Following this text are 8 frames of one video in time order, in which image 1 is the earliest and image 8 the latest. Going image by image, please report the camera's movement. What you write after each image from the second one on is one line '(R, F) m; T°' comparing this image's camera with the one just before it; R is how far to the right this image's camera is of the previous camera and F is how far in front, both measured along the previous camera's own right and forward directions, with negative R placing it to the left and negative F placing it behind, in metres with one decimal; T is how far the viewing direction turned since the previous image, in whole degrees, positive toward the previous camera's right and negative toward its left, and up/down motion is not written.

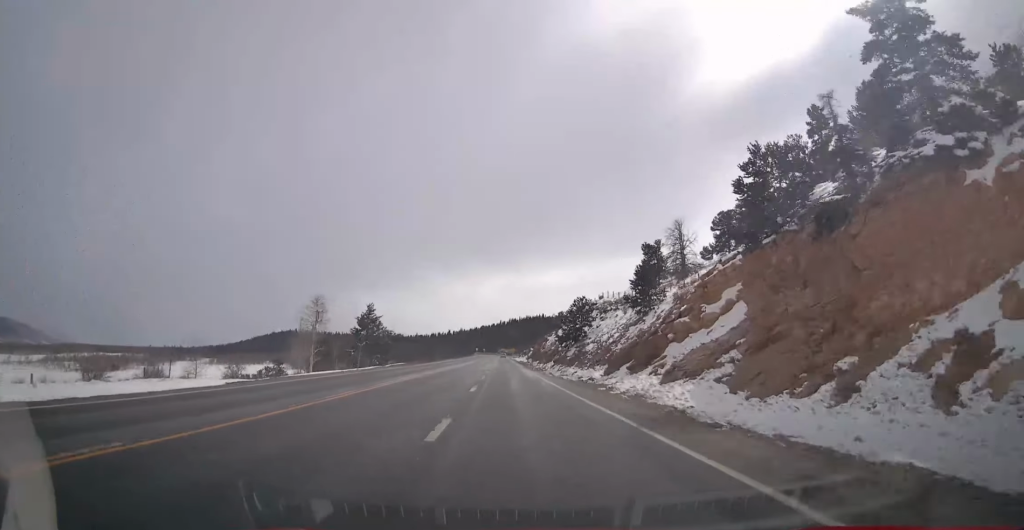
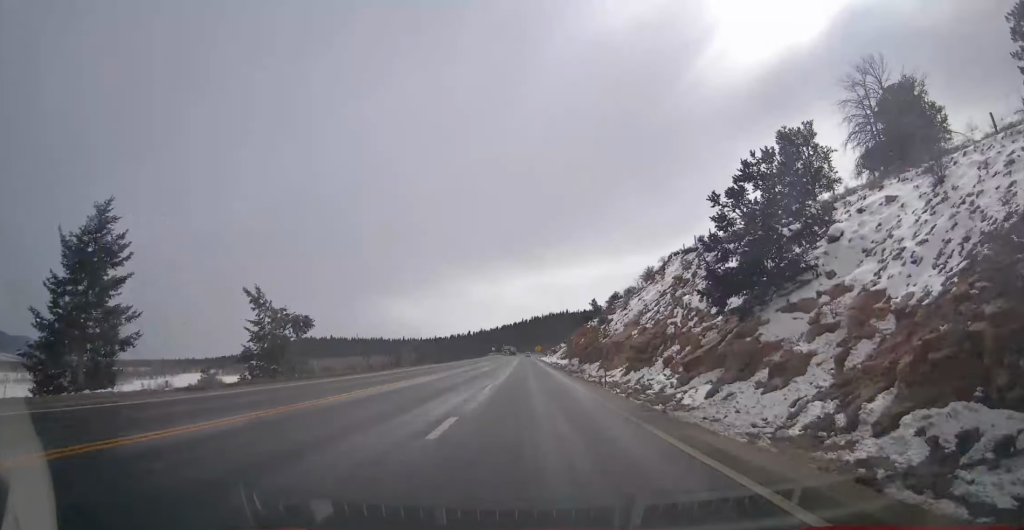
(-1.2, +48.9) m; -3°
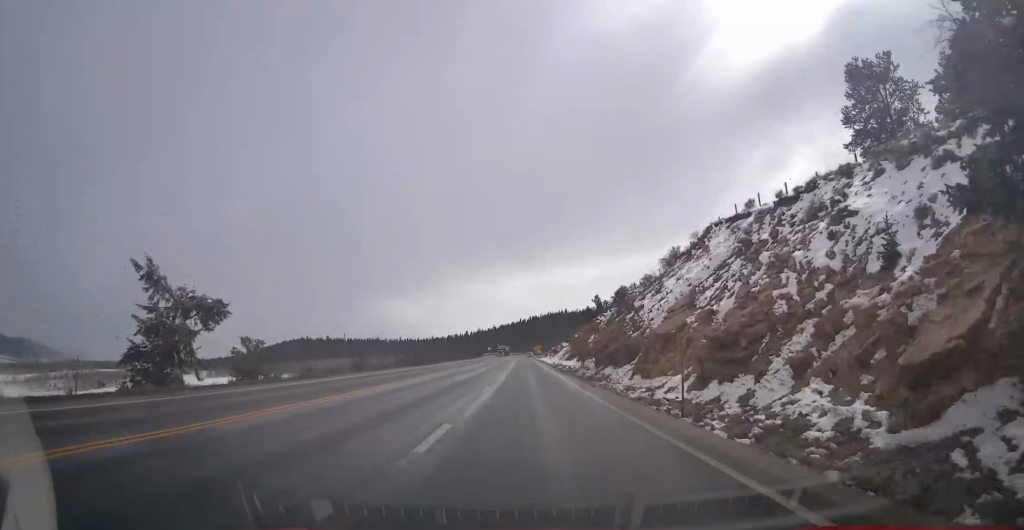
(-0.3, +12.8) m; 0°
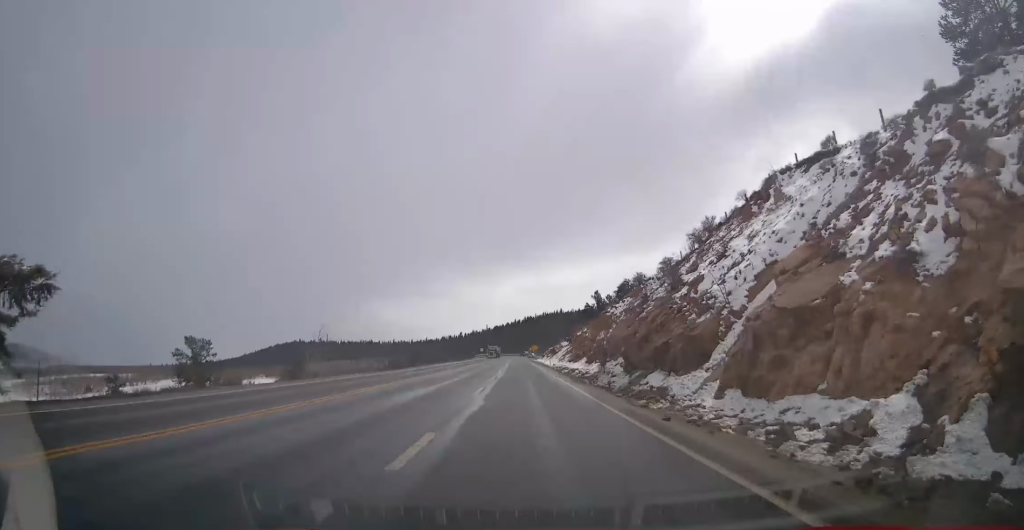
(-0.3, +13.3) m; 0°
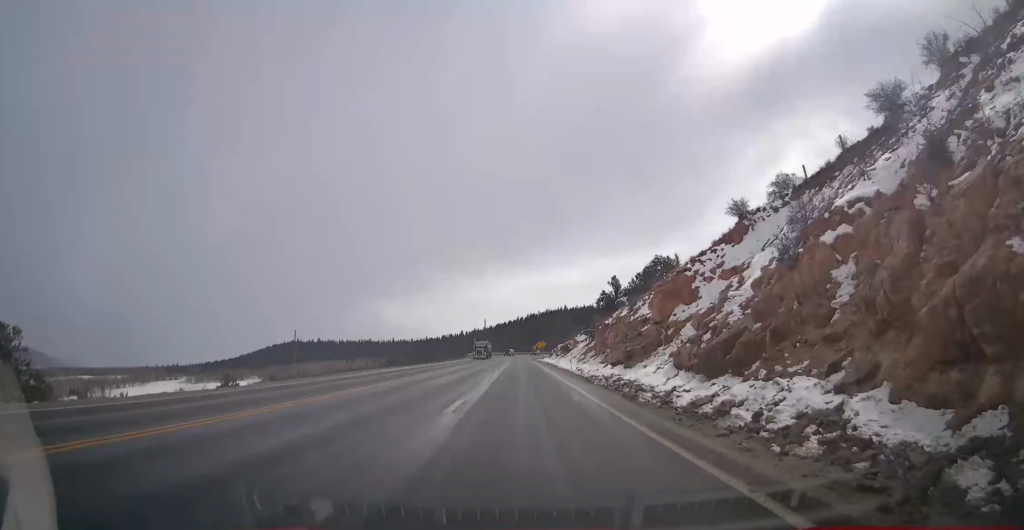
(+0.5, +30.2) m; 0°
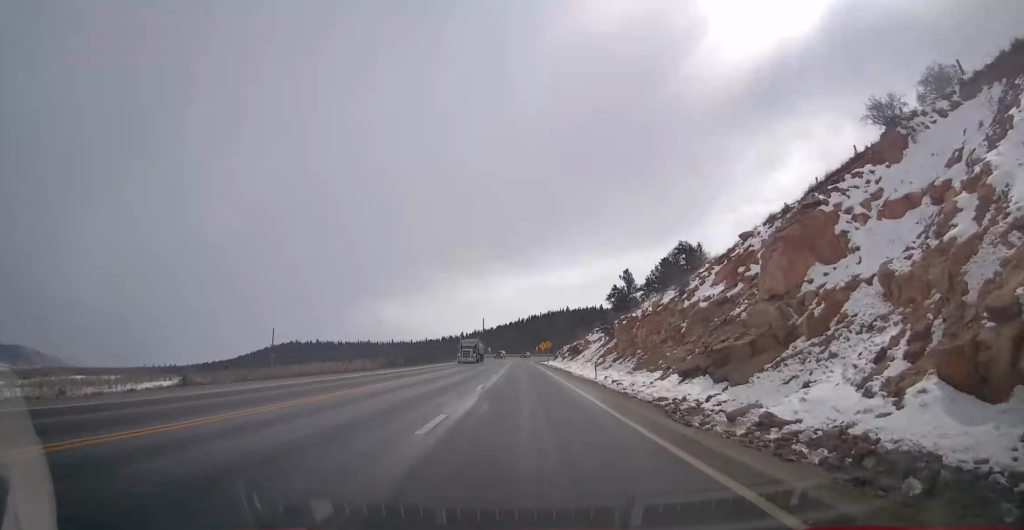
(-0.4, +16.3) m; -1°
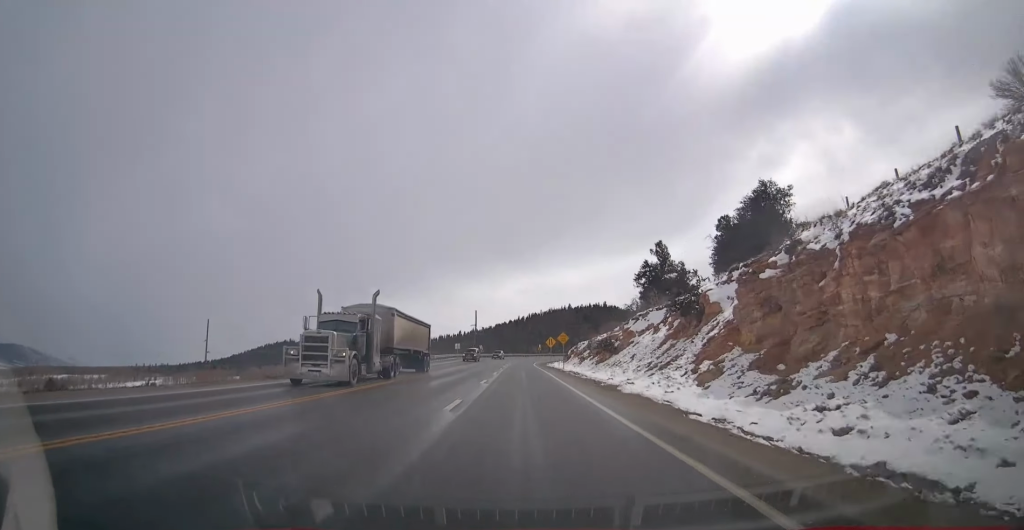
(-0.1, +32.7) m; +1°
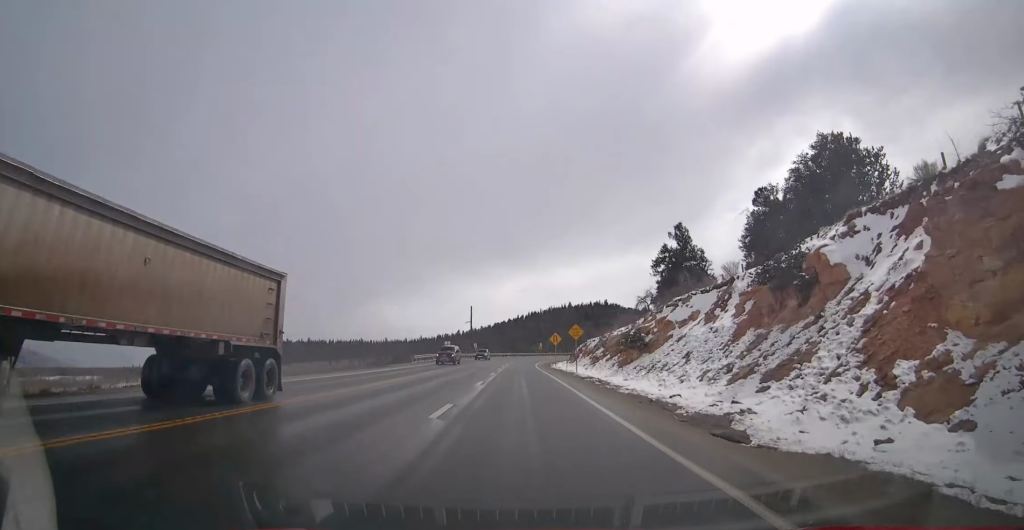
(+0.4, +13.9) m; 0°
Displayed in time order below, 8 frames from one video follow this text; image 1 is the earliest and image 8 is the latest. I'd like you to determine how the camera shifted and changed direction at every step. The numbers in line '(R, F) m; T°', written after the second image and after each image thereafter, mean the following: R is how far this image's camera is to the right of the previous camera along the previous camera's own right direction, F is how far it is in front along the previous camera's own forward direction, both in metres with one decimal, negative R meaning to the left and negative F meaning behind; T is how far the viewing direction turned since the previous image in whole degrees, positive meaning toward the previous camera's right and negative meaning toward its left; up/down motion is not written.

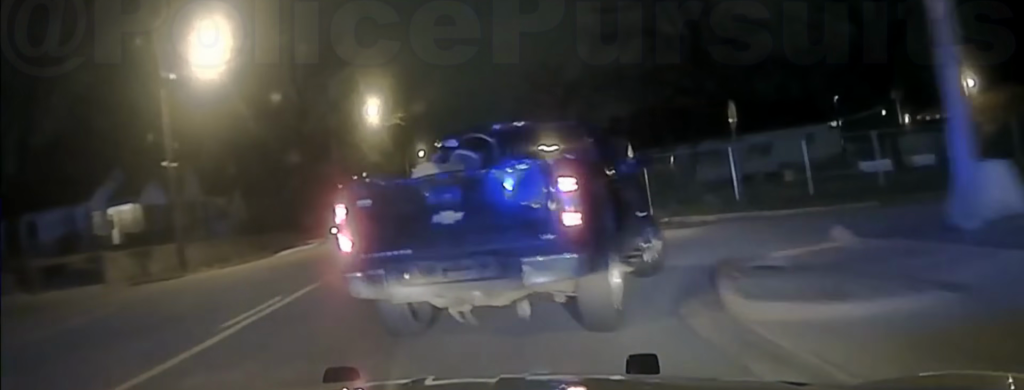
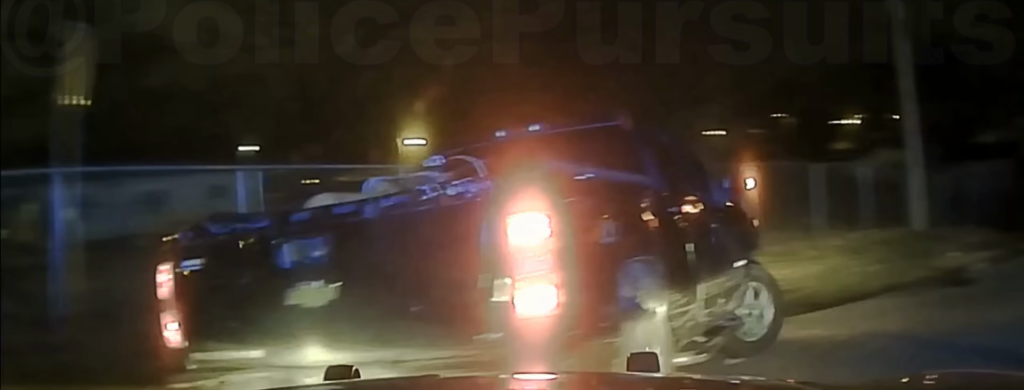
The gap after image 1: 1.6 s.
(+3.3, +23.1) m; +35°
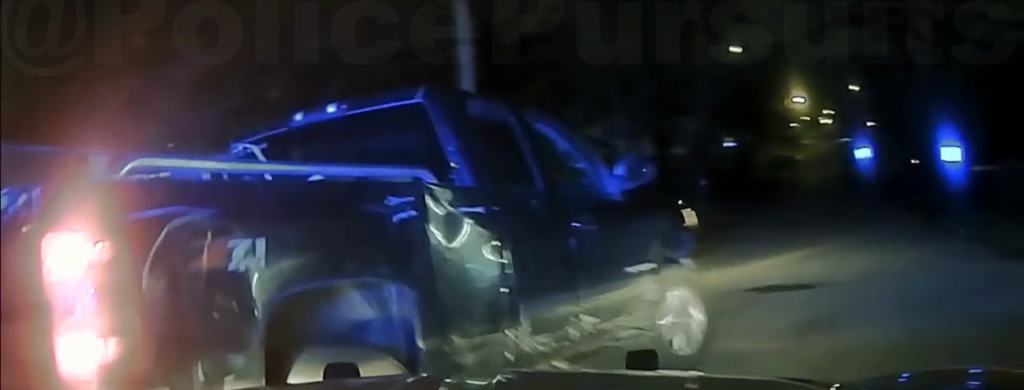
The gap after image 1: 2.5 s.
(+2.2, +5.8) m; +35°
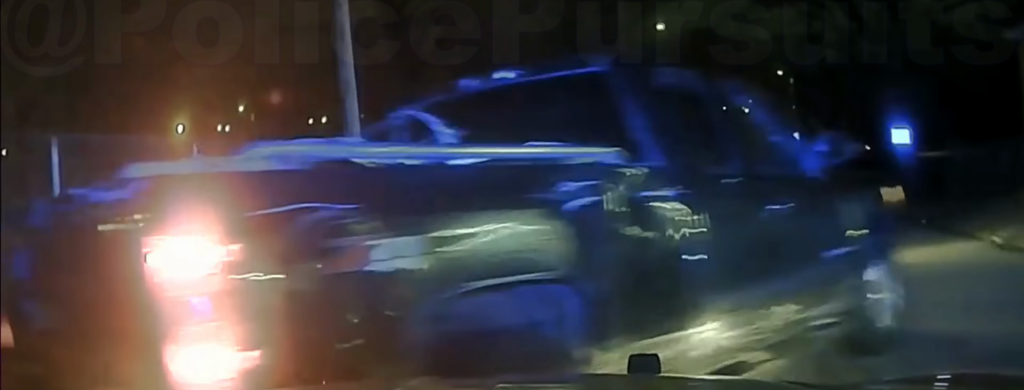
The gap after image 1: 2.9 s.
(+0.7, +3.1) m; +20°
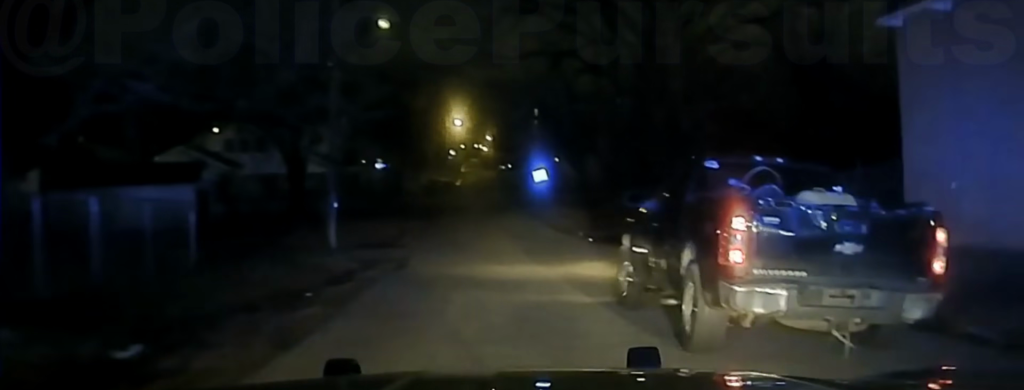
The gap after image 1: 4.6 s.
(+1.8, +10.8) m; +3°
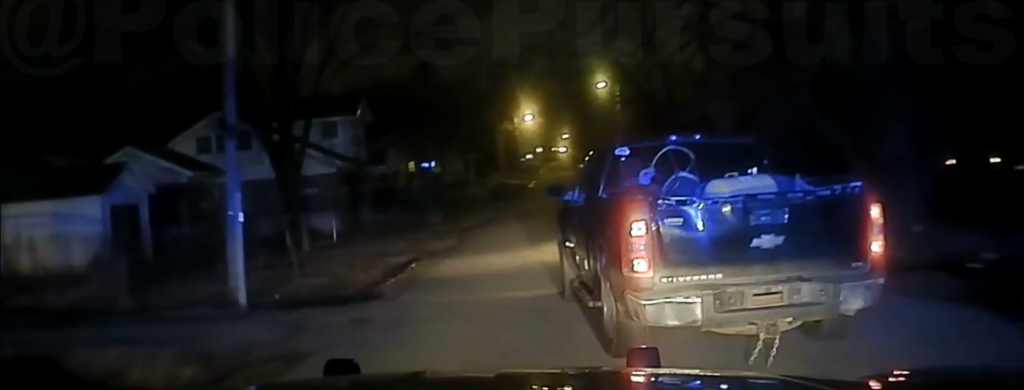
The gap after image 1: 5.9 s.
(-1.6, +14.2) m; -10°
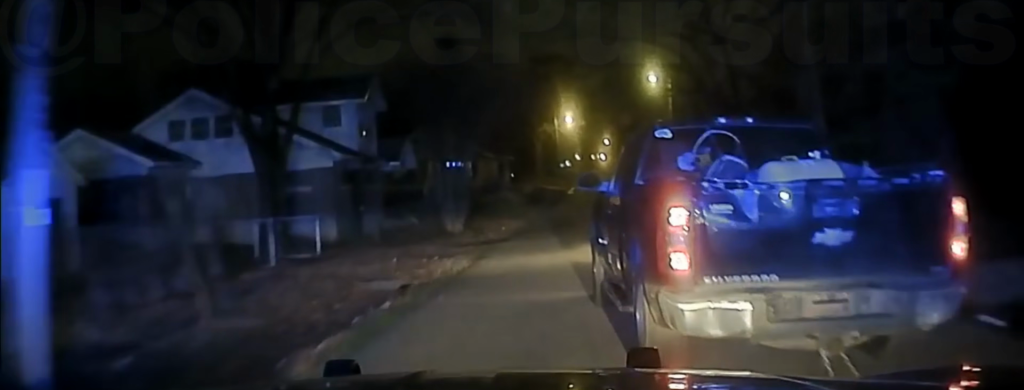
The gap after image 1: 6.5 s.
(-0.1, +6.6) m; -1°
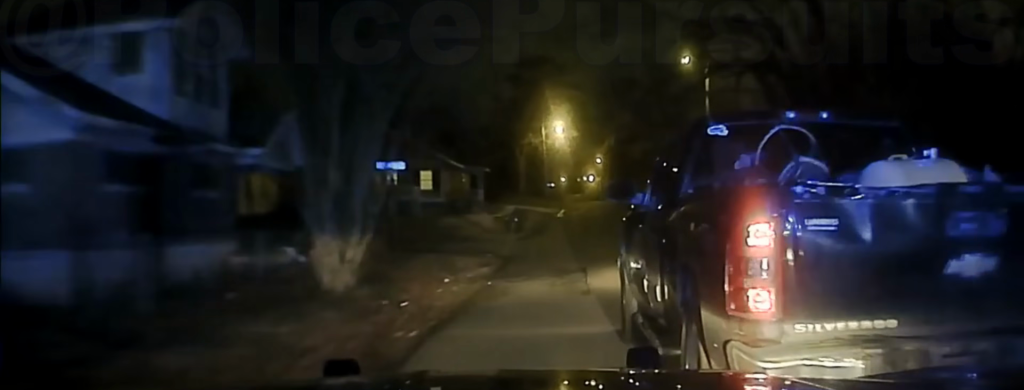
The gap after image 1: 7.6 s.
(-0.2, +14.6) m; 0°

What you have to do>
I would like you to retype exactly the lines running from the one containing "The gap after image 1: 2.5 s." to the last line of the entries, both included, leaving all pictures out.

Reply to the exercise>
The gap after image 1: 2.5 s.
(+2.2, +5.8) m; +35°
The gap after image 1: 2.9 s.
(+0.7, +3.1) m; +20°
The gap after image 1: 4.6 s.
(+1.8, +10.8) m; +3°
The gap after image 1: 5.9 s.
(-1.6, +14.2) m; -10°
The gap after image 1: 6.5 s.
(-0.1, +6.6) m; -1°
The gap after image 1: 7.6 s.
(-0.2, +14.6) m; 0°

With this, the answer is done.